Electron configuration of Pu: $\ce{[Rn] 5f^6 7s^2}$
Electron configuration of Sm: $\ce{[Xe] 4f^6 6s^2}$
I thought that only the valence electrons affected the oxidation states, so why does plutonium have more oxidation states (6,5,4,3) than samarium (2,3) whilst they both have the same valence electrons (including f-orbitals): ..$\ce{f^6}$..$\ce{s^2}$ ?
Elements such as scandium (Sc),Yttrium (Y) and Lanthanum (La) all have the same valence electrons (including d-orbitals): ..$\ce{d^1}$..$\ce{s^2}$ , but these elements have the same oxidation state : 3 and that doesn't change, even when going down that group and looking at actinium.
Does this have to do with the ionization energy, or the energy level or ....?
Answer
This is yet another interesting effect of the anomalous compactness of orbitals in the first appearance of each type of subshell ($1s$, $2p$, $3d$, $4f$, $5g$, etc). The solutions to the Schrödinger equation for electron wavefunctions in hydrogen-like atoms are such that these subshells are composed of orbitals with no radial nodes. This means the electrons in these subshells are closer to the nucleus than you might expect, and therefore they are more strongly bound.

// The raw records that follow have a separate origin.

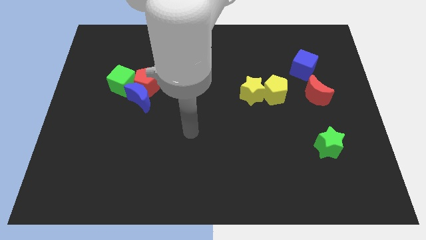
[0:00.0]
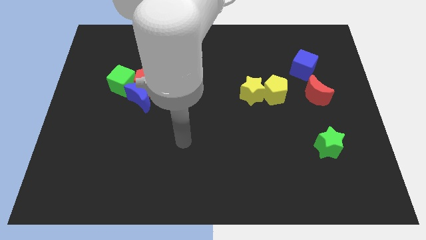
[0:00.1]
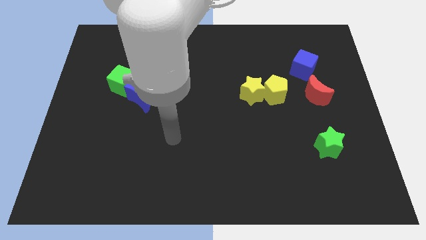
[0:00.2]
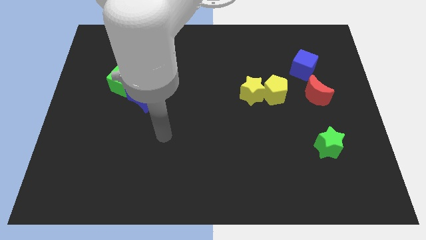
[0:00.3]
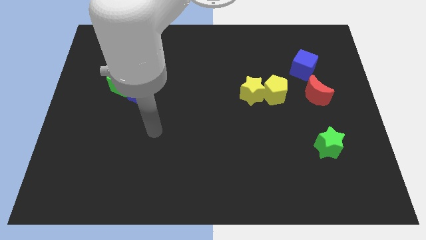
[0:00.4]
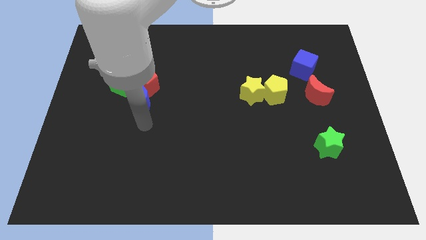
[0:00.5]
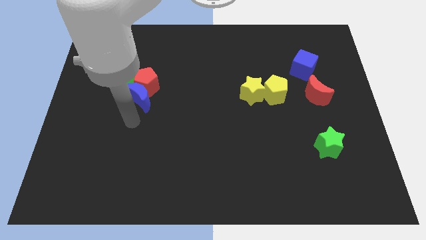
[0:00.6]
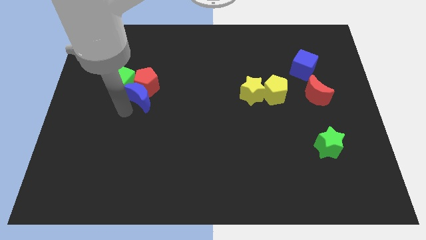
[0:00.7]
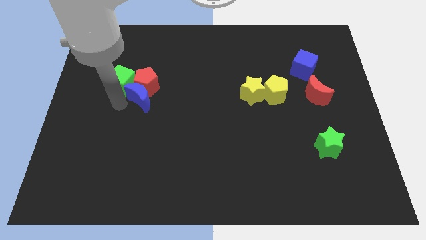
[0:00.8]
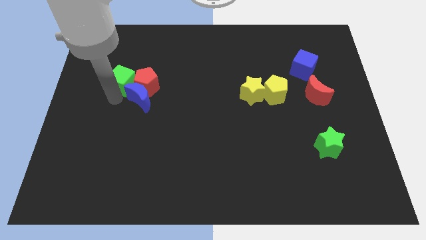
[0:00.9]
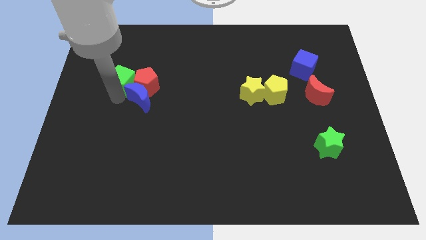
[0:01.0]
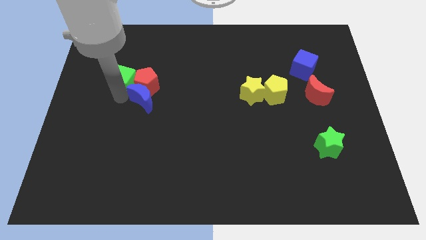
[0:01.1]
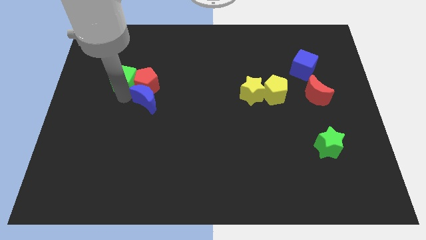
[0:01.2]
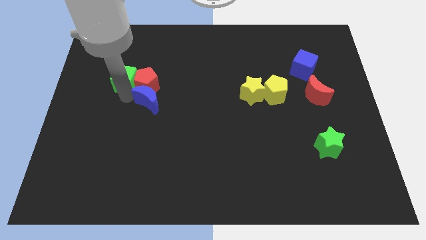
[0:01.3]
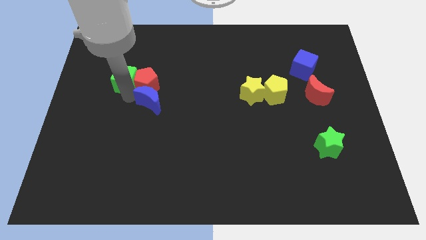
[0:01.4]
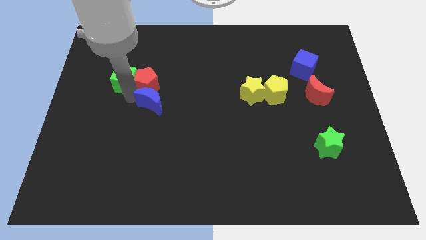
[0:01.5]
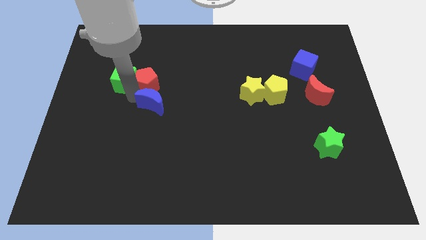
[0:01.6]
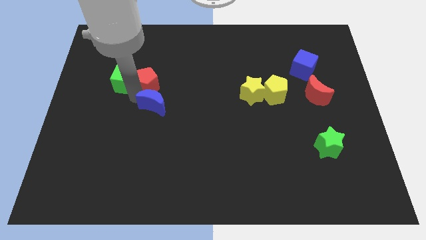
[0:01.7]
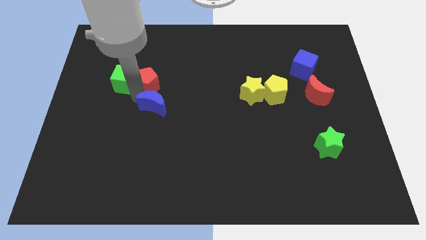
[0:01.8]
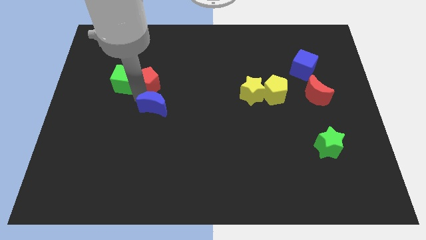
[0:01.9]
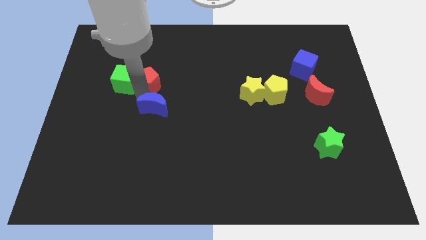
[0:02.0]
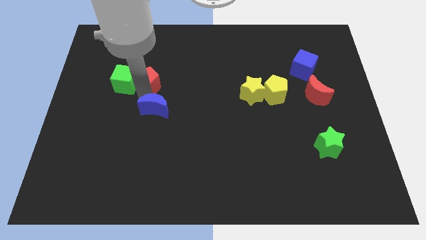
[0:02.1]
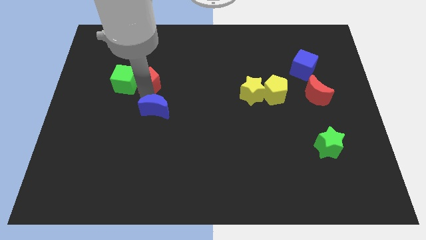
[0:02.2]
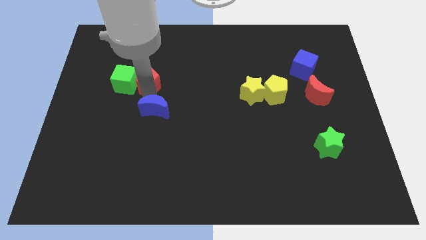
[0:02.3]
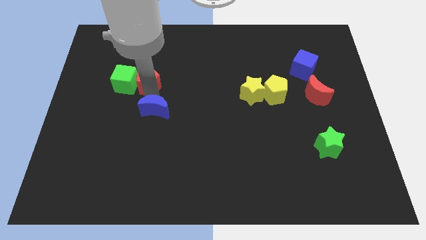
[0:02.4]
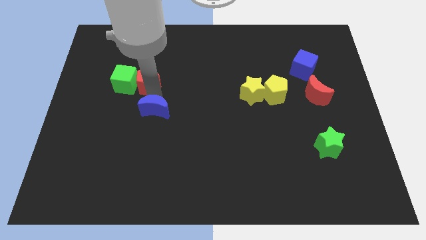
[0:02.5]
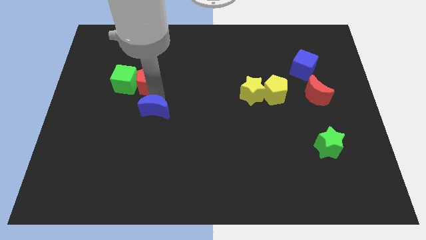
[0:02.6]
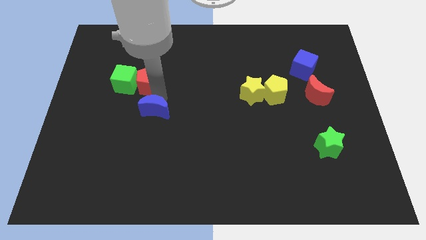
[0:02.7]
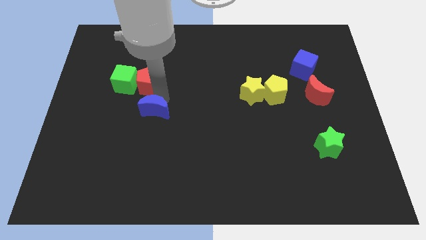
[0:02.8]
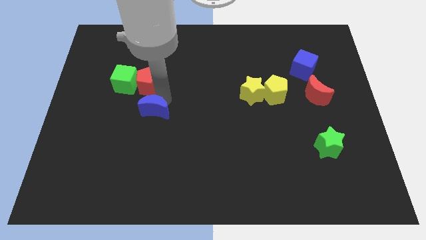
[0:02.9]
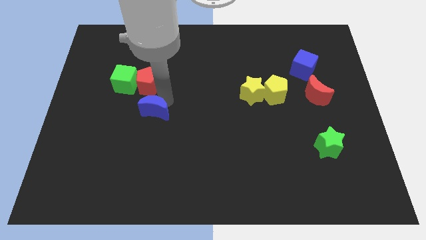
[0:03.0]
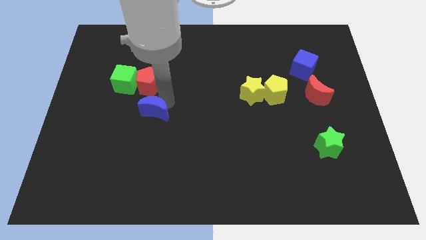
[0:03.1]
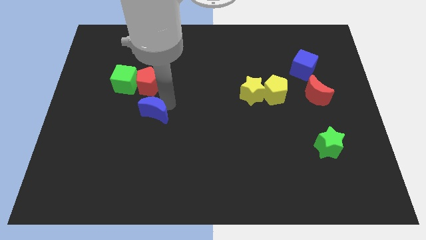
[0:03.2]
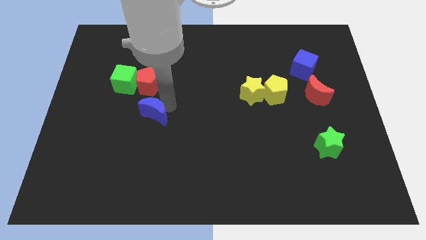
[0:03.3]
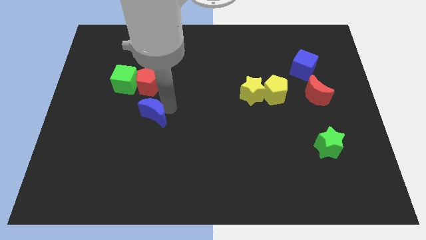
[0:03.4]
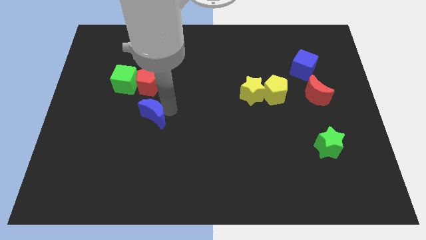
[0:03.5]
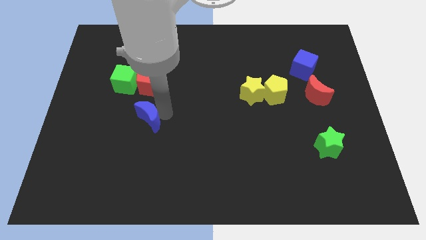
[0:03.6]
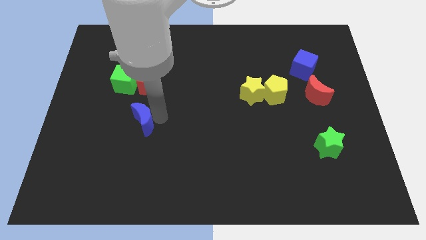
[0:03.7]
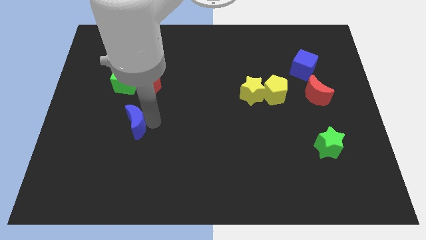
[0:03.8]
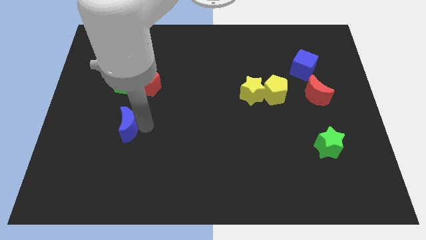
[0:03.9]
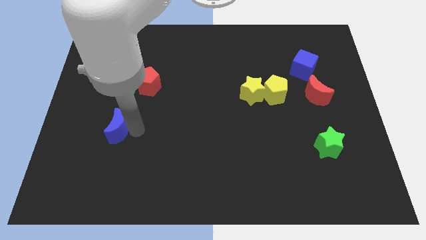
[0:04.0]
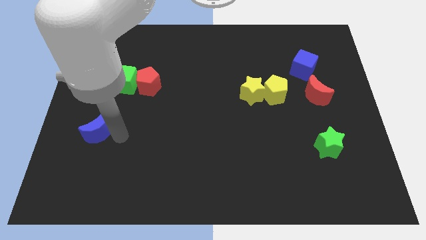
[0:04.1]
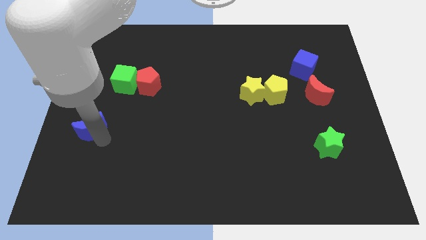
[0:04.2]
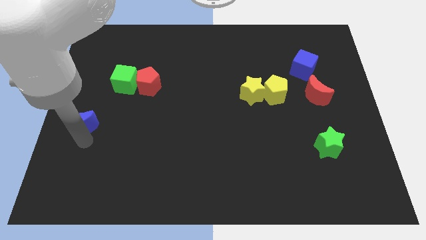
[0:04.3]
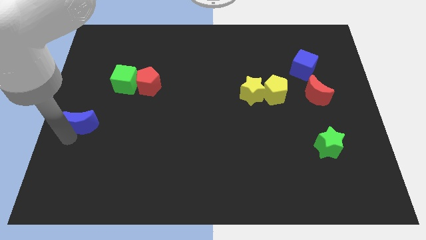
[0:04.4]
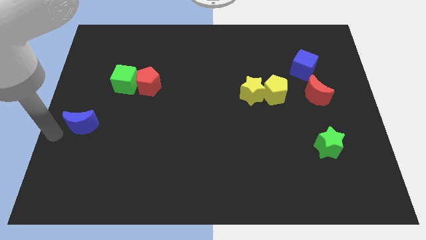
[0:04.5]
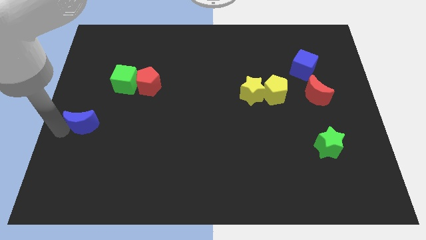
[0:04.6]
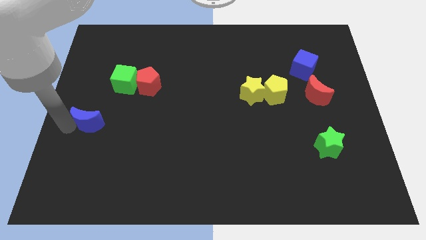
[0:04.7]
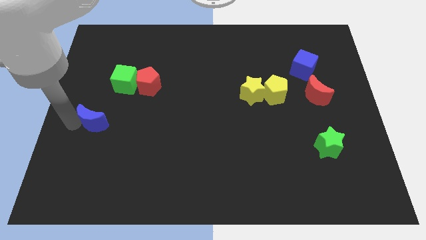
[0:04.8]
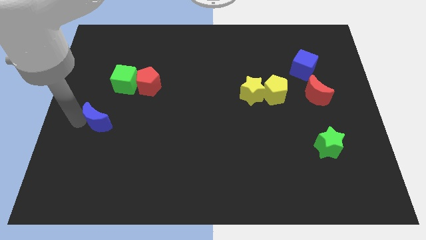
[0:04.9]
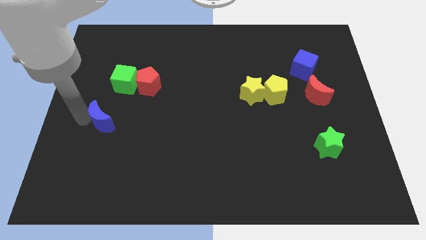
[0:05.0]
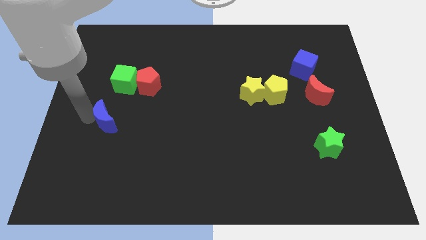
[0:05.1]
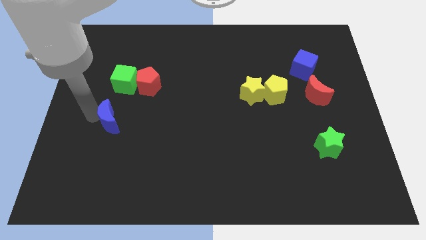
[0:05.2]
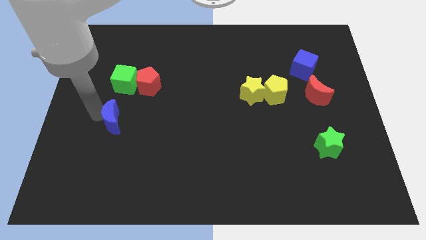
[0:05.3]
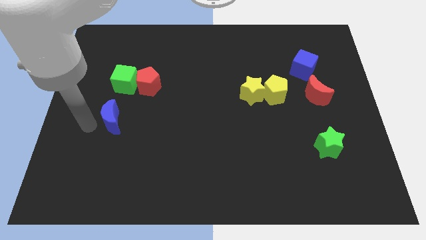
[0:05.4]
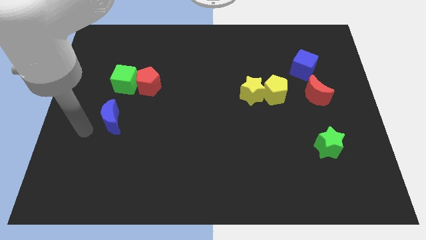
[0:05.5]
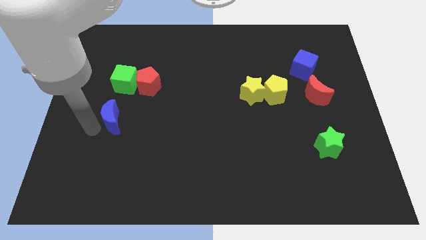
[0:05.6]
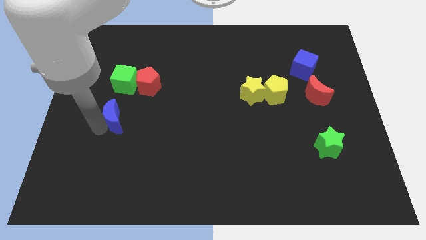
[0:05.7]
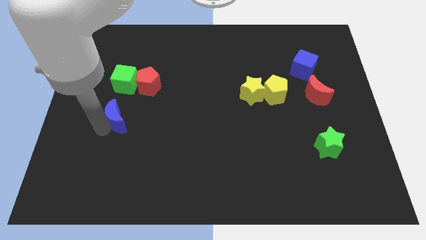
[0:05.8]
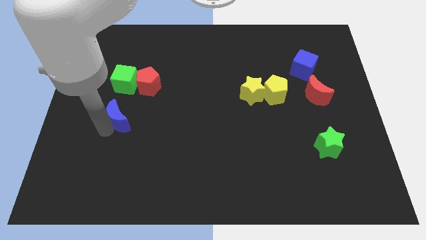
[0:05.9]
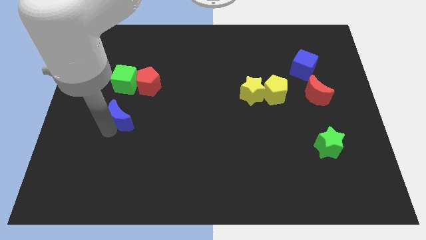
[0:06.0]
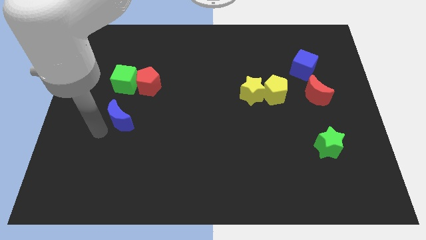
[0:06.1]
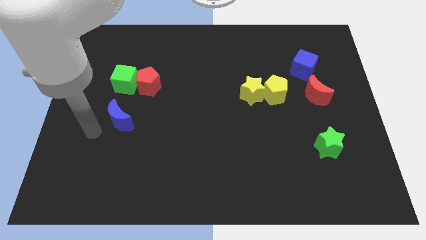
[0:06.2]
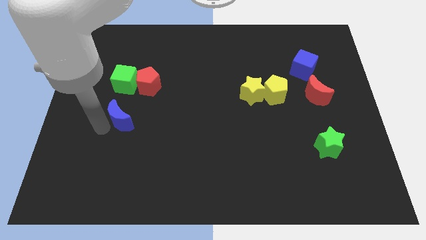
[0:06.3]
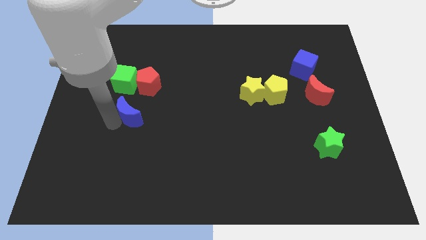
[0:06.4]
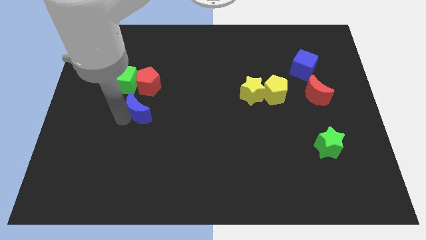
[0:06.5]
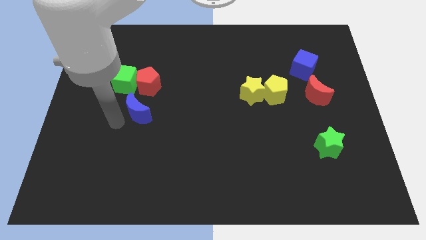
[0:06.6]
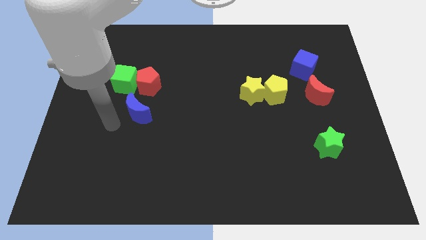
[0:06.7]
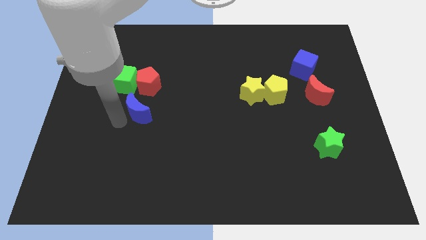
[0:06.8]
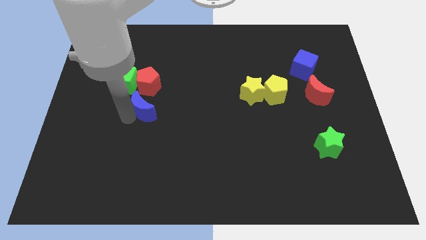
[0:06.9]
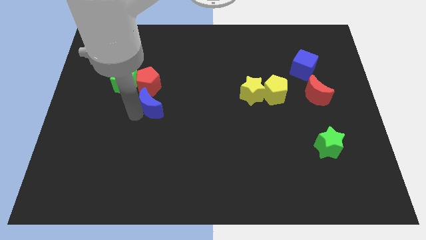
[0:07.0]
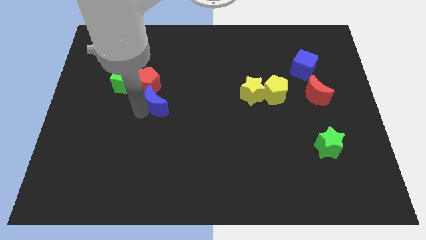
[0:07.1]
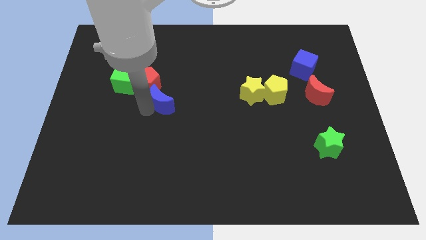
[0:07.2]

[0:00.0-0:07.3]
slide the blue moon to the center of the board

The striking chemical similarity of the lanthanides comes from the fact that the $4f$ subshell is both anomalously compact and subjected to a high effective nuclear charge. The electrons end up being held so closely to the nucleus that they effective behave as core electrons, and participate very little in chemical interactions; lanthanides do not form coordination compounds using their $4f$ orbitals, and it is very difficult to go past an oxidation state of +3 in most because few conditions can compensate the large energy required to ionize a fourth electron coupled with the relatively weakly bound compounds they would form.
In the actinides, the $5f$ orbitals do not suffer from the same lack of radial node, and therefore are more chemically available. The first half of the actinides show many compounds with high oxidation numbers, and have significant coordination chemistry using $f$ orbitals. Curiously, as you go form curium to berkelium, there is a sudden increase in reluctance to display high oxidation numbers, and the actinides beyond curium tend to behave similarly (though of course exploration of their chemical properties is significantly hindered by their rarity and instability). This is likely because even though the $5f$ orbitals have a radial node, in the second half of the actinides they are subjected to such a high effective nuclear charge that become too strongly bound to display significant participation in chemistry.
This same effect explains why the metals in the first row of transition metals do not display as many stable compounds with high oxidation states compared to the second and third rows, as the $3d$ orbitals are much smaller than $4d$ or $5d$ orbitals.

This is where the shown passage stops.